Fri, Feb. 11th, 2005, 07:07 pm
Sleepwalking mother fucker

Sleepwalk dance
exodus trance
you never grew up up did you?
smarty pants
juveinile romance
observers with nothing to do
trip on rocks
play in panting smocks
just don't get any on me
turn back clocks
don't break the docks
your locked up right when I flee
cracked hour glass
the quiets new sass
the pouty face should be expired
anger with class
when all the stars pass
the moping routine will be tired
I've learned to walk
you'll start sidewalk chalk
while you're wasting audible time
so lay there and sqawk
to afraid to talk
over nothing that's worth all the pine

Wed, Feb. 9th, 2005, 07:02 pm
Hello! My name is: fuckacuntassholes!

uhhhhh, people at my school think they are the shit, I'm sorry, but blasting the Vines cd that I burned for you losers during homeroom is not fucking hip, and excuse me but you guys are still going through your vines phase? poor juviniles, sure Craig Nicholls is "the god of fuck" and incredibly attractive, doesn't mean they should take pride in blasting "winning days" at least have the decency to play "highly evolved" you trendy poser mother fuckers, I'm sick of these people, I've known these emoitionally stunted losers too fucking long. BELLA SAVE ME.

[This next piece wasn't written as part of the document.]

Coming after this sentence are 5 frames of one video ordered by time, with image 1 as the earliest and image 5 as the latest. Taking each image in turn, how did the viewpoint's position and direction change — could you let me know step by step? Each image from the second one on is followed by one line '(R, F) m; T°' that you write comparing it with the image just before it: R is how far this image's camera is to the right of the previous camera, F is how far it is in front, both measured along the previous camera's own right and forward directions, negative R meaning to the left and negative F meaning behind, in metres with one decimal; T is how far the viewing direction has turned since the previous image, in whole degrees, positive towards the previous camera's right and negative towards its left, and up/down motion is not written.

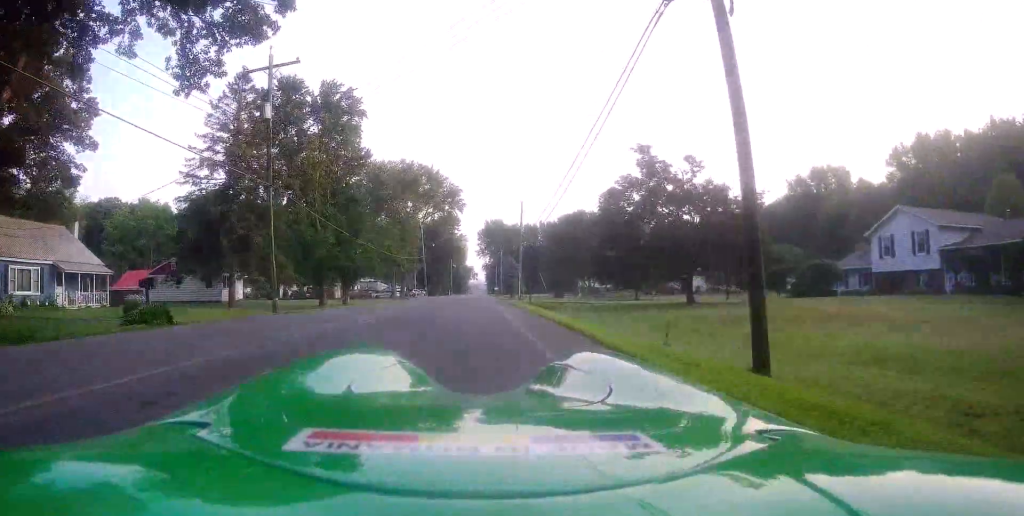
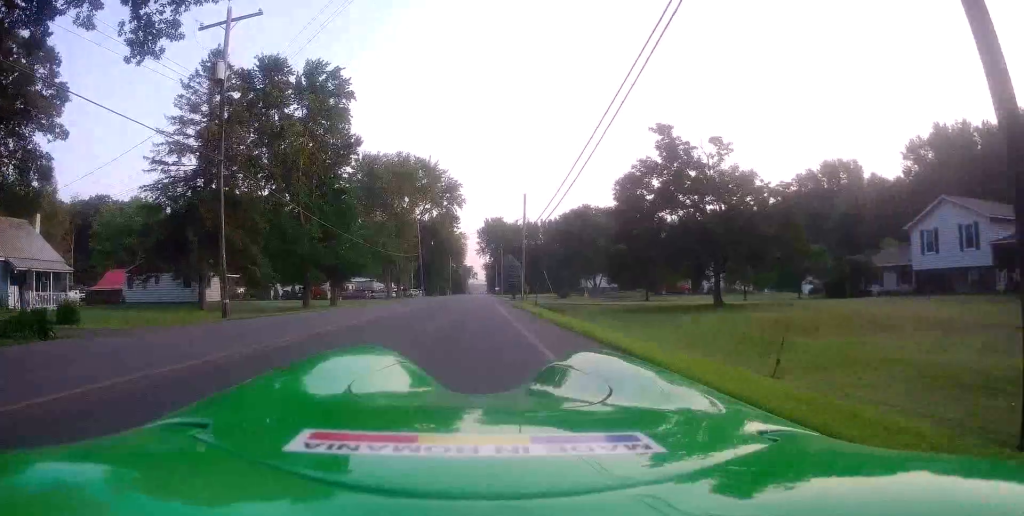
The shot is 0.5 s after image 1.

Tue, Feb. 8th, 2005, 06:59 pm
it happens...but it's RARE

this was the first medeocre day I've had in awhile, it was nice, shit, I've forgetten how nice a good day can feel...I mean most people still suck and I haaaate the world, but I'm stickin' around. I got a lot of reasons...TAKE MY GOOD MOOD FOR GRANTED PEOPLE.

Mon, Feb. 7th, 2005, 06:49 pm

If I've said it once I've said it a thousand times...MY SCHOOL SUCK ASS, I just want to be transferred and have it over with. I need to quit smoking. This time seriously this week, no smoking for Evie, alright well then what am I going to replace it with, Not caffine, because that doesn't work, I've got it...masturbation and tranquilizers..IT'S GOLD, I CAN'T LOSE. I'm a fucking genuis. I spelled genuis right didn't I? fuck it. You get the idea.

Sun, Feb. 6th, 2005, 06:43 pm
Shit! I still have lungs right?!

because they never fucking work very well.

Sat, Feb. 5th, 2005, 06:41 pm
Forfuckingever

don't really use this thing, I'm usually just on aim or DA, but I PROMISE TO START FUCKING USING THIS THING....nnnnnnow. ok, here I go with the excitement, alright dorks, talk to me.